- What to work on:
The data below holds a line containing "STEP (ISO 10303-21)" and a line containing "Products named in"; please quote exactly those two lines and every line between them, and nothing else.
──────────
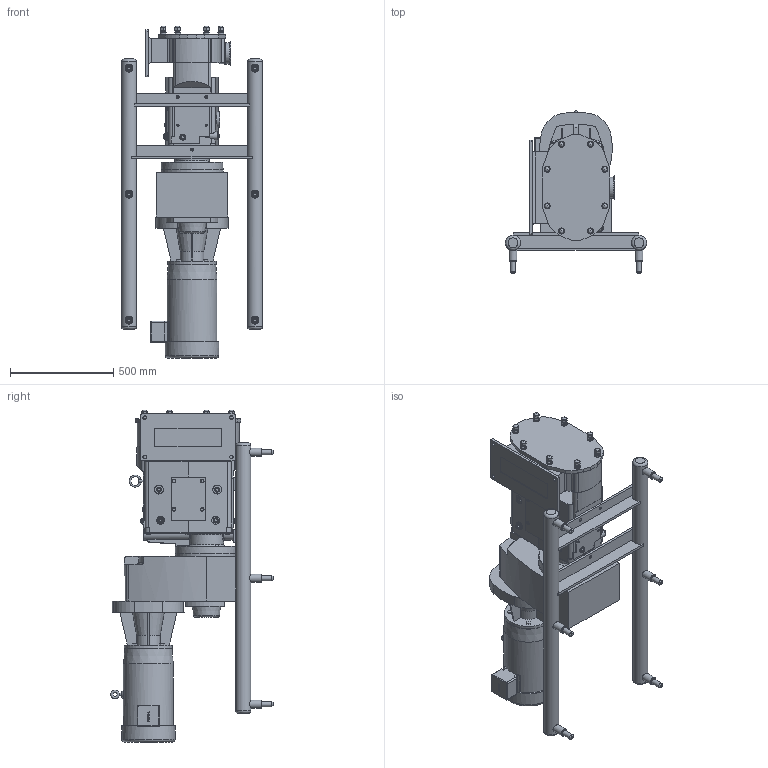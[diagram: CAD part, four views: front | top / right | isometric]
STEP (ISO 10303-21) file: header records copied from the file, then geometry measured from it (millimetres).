
FILE_DESCRIPTION(/* description */ (''),/* implementation_level */ '2;1');
FILE_NAME(/* name */ 'U3_214U3_215TC_(3.55 x 12.8)x4.0_S-Line_10HP_LH_SM.stp',/* time_stamp */ '2021-05-24T19:16:25+06:00',/* author */ ('trtmhr'),/* organization */ (''),/* preprocessor_version */ 'ST-DEVELOPER v18.1',/* originating_system */ 'Autodesk Inventor 2020',/* authorisation */ '');
FILE_SCHEMA (('AUTOMOTIVE_DESIGN { 1 0 10303 214 3 1 1 }'));
Length unit declared in the file: inch
Products named in the file (1): U3_214U3_215TC_(3.55 x 12.8)x4.0_S-Line_10HP_LH_SM
Bounding box: 682.62 x 786.27 x 1606.32 mm (x, y, z)
Volume: 147327781.8 mm3; surface area: 3950033.2 mm2
Topology: 4 solids, 4 shells, 964 faces, 2604 edges, 1721 vertices
Faces by surface type: plane 495, cylinder 240, bspline 85, torus 73, cone 63, sphere 8
Full cylindrical faces by diameter (mm): 6.39 x1, 7.798 x1, 10.719 x4, 12.141 x1, 12.7 x2, 14.3 x3, 15.24 x1, 17.526 x4, 23.012 x8, 23.876 x3, 25.4 x11, 29.083 x8, 29.21 x2, 31.75 x3, 38.1 x10, 42.672 x2, 101.6 x1, 102.946 x2, 103.962 x1, 119.024 x1, 232.994 x1, 241.579 x1, 258.572 x1, 299.974 x1, 299.999 x1
Entity records: 33225 total; most frequent: CARTESIAN_POINT 9021, ORIENTED_EDGE 5166, DIRECTION 4905, EDGE_CURVE 2583, AXIS2_PLACEMENT_3D 1815, VERTEX_POINT 1721, LINE 1275, VECTOR 1275
──────────
- Task response:
STEP (ISO 10303-21) file: header records copied from the file, then geometry measured from it (millimetres).
FILE_DESCRIPTION(/* description */ (''),/* implementation_level */ '2;1');
FILE_NAME(/* name */ 'U3_214U3_215TC_(3.55 x 12.8)x4.0_S-Line_10HP_LH_SM.stp',/* time_stamp */ '2021-05-24T19:16:25+06:00',/* author */ ('trtmhr'),/* organization */ (''),/* preprocessor_version */ 'ST-DEVELOPER v18.1',/* originating_system */ 'Autodesk Inventor 2020',/* authorisation */ '');
FILE_SCHEMA (('AUTOMOTIVE_DESIGN { 1 0 10303 214 3 1 1 }'));
Length unit declared in the file: inch
Products named in the file (1): U3_214U3_215TC_(3.55 x 12.8)x4.0_S-Line_10HP_LH_SM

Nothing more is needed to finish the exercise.